Report how many lines in the records below hold the word "view". Add nothing to the number.
** Entries shown follows **
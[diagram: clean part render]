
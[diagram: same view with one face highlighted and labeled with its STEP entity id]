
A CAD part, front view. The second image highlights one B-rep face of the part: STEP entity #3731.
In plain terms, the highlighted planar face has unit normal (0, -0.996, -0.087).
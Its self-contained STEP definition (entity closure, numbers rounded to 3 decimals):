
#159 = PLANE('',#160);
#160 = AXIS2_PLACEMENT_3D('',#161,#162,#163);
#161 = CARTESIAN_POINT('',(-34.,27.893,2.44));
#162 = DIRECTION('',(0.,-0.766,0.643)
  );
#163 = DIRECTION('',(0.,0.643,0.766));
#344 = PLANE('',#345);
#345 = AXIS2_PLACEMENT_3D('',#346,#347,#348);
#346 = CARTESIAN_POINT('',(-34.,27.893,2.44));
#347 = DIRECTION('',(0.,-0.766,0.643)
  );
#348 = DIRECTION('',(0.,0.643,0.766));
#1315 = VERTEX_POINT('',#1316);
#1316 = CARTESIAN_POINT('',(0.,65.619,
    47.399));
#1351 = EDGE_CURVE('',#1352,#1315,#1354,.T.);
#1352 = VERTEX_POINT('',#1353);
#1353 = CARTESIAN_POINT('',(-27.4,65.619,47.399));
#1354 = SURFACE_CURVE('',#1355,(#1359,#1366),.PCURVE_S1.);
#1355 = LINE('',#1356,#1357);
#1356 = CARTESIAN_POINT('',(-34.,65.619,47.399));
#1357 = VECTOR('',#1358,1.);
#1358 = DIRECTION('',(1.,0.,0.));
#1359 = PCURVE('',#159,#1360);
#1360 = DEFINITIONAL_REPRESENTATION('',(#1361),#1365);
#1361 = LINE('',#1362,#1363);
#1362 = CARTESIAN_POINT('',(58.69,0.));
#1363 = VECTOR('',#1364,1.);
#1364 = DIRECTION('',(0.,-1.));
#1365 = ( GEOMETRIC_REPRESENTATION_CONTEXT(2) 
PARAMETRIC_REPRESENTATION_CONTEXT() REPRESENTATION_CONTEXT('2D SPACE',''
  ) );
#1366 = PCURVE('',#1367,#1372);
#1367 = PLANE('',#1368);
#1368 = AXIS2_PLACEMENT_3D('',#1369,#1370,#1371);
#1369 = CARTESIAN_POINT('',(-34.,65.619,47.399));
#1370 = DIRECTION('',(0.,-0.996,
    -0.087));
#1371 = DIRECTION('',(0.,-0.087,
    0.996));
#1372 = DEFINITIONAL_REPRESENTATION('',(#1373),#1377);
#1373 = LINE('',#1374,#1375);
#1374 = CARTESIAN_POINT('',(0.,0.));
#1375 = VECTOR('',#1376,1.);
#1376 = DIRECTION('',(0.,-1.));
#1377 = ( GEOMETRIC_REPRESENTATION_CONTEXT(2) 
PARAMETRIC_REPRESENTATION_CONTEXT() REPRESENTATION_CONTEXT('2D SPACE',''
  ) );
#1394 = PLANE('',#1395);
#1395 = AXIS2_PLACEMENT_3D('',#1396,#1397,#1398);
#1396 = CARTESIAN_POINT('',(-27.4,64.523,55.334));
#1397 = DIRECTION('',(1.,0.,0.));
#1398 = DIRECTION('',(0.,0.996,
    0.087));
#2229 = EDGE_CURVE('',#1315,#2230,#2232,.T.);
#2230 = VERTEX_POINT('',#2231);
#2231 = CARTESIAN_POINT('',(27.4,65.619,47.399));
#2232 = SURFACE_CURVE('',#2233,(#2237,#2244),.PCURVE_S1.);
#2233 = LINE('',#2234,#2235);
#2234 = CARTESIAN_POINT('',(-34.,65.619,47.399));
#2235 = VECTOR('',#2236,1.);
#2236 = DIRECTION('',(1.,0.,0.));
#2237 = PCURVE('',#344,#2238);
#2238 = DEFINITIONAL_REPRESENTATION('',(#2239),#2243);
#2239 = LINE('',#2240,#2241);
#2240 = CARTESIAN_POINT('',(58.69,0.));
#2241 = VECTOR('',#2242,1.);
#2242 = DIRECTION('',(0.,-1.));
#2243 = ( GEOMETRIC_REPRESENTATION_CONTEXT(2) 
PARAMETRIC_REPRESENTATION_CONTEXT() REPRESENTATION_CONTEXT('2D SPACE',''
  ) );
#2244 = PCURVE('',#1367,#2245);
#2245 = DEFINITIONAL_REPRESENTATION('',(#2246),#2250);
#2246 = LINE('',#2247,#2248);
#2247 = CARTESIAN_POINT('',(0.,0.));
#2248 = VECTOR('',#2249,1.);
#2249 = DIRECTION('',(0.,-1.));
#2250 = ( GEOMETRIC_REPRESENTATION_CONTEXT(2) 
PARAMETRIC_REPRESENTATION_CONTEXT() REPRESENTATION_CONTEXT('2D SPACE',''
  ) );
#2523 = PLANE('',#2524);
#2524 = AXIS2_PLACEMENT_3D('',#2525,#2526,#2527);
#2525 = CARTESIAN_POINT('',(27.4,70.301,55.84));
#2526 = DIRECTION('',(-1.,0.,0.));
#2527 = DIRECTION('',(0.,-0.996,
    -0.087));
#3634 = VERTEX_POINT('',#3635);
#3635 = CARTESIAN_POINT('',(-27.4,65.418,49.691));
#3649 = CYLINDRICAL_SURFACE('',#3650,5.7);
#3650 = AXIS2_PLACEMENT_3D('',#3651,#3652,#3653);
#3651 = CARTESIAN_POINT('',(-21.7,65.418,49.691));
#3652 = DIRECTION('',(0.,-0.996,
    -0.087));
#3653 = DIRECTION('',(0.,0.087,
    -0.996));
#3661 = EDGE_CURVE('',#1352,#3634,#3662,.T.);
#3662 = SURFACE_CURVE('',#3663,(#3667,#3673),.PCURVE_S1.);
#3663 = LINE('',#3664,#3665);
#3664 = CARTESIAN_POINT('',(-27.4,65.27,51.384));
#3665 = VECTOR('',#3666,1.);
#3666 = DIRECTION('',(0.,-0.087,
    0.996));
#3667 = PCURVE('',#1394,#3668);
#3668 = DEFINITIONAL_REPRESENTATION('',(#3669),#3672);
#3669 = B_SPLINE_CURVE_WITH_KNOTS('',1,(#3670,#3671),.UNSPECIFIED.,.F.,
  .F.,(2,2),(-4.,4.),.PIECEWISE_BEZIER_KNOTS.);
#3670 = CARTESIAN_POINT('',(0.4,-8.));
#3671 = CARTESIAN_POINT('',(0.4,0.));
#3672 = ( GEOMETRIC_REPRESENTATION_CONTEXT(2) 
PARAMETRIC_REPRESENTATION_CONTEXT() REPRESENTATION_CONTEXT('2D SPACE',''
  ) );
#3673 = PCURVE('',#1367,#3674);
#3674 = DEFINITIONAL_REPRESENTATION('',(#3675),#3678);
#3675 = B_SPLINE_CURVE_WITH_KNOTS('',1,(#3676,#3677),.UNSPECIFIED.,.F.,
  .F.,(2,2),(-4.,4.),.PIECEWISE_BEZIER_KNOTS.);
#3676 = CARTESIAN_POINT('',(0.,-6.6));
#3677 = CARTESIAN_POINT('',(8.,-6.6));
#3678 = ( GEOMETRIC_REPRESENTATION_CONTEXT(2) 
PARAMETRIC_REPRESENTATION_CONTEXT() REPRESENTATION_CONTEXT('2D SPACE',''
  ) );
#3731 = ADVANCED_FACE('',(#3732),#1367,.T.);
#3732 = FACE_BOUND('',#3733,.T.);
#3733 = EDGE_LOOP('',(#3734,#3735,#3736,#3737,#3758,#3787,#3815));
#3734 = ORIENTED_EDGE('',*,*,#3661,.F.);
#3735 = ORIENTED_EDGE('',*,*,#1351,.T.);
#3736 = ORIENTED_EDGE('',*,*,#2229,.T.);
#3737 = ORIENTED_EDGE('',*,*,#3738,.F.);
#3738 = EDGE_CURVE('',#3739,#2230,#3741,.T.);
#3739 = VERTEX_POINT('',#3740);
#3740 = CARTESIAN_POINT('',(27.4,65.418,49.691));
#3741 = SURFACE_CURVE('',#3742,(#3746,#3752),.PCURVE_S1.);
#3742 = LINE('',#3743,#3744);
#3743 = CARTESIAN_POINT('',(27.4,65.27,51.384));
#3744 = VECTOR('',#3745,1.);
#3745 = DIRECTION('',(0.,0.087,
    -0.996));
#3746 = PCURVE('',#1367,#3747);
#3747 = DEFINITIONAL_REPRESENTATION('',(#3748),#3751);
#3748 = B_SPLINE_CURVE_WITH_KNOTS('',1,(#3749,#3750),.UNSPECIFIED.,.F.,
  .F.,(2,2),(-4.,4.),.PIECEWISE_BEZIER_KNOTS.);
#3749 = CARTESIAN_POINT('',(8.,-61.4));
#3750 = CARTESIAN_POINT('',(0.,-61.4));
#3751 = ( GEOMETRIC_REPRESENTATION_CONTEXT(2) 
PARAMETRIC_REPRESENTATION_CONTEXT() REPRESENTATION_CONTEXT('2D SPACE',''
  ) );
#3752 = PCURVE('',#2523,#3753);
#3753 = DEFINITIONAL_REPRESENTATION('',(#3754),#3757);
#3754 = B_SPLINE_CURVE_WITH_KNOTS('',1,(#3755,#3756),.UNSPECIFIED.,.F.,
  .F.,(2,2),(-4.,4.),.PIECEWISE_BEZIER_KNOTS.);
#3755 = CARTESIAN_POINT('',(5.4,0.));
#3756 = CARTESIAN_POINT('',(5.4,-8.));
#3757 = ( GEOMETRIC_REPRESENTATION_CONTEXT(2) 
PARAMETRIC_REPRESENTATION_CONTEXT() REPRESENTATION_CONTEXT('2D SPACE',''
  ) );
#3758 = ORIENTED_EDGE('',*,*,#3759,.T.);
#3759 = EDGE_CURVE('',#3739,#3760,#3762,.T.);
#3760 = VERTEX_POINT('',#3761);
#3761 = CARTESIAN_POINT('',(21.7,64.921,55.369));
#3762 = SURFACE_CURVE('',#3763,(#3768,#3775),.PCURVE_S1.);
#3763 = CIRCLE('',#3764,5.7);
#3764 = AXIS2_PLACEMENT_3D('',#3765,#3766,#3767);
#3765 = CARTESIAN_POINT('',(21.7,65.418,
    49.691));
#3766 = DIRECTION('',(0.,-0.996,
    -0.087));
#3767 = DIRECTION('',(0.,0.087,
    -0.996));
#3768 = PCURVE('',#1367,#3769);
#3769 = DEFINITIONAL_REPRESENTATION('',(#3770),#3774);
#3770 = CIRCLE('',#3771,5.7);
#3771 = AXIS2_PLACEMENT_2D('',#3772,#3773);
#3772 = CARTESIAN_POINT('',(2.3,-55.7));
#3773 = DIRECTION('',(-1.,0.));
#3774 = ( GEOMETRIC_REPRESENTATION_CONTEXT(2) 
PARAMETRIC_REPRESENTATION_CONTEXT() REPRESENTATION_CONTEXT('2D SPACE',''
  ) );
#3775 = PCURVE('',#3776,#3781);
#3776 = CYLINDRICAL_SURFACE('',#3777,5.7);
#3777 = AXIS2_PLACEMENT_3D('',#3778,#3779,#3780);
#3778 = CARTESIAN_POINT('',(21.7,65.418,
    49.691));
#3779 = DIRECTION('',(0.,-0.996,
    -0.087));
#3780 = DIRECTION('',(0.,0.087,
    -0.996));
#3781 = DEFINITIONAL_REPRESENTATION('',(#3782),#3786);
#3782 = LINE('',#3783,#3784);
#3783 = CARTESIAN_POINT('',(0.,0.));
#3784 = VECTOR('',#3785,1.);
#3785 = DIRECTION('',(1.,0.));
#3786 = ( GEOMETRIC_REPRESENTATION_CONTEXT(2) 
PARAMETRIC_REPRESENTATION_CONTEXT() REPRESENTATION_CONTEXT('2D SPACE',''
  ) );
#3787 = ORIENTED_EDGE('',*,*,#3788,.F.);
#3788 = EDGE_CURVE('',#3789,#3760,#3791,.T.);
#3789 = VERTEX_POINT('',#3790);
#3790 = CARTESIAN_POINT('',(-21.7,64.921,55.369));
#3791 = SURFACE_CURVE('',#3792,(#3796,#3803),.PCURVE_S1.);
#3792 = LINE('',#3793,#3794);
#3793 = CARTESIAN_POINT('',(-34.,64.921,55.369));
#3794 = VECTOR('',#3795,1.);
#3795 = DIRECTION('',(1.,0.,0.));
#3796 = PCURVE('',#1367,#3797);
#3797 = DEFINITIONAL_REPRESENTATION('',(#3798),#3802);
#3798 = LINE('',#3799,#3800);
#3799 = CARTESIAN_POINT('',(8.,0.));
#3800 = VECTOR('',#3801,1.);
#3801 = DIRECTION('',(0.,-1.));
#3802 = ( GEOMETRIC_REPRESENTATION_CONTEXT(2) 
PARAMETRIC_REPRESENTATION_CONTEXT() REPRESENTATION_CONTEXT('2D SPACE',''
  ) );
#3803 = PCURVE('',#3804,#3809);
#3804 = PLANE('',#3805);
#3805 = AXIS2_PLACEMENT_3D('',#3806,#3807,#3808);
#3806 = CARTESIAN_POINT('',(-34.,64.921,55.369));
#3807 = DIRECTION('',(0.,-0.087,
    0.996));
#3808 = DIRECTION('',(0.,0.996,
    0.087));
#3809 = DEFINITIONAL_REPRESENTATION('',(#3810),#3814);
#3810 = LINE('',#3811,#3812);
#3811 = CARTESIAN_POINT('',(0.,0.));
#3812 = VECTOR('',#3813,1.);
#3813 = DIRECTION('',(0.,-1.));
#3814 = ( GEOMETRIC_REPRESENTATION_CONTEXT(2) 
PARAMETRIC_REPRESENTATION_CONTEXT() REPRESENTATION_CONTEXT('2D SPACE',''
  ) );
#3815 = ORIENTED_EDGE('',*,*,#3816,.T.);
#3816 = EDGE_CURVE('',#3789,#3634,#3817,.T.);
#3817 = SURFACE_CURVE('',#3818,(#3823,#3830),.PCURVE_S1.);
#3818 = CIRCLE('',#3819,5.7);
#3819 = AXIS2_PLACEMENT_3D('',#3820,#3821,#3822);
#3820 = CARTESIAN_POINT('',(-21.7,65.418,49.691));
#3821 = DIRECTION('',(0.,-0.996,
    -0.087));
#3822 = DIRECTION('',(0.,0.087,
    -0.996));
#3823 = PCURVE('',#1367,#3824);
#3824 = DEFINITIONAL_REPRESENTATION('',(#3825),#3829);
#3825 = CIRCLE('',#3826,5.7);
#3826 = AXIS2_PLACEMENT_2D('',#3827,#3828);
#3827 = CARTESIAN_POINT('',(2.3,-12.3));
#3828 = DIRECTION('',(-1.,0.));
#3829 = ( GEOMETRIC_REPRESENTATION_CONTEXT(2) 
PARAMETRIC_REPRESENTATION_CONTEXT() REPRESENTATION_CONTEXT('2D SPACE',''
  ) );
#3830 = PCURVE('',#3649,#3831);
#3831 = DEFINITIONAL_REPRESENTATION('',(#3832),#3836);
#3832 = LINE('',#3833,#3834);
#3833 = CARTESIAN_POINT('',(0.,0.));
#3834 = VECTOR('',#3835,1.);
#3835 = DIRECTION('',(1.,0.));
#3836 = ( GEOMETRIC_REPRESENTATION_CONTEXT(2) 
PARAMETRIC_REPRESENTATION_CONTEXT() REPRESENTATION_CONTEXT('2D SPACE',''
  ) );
** End of Entries shown **
Result —
2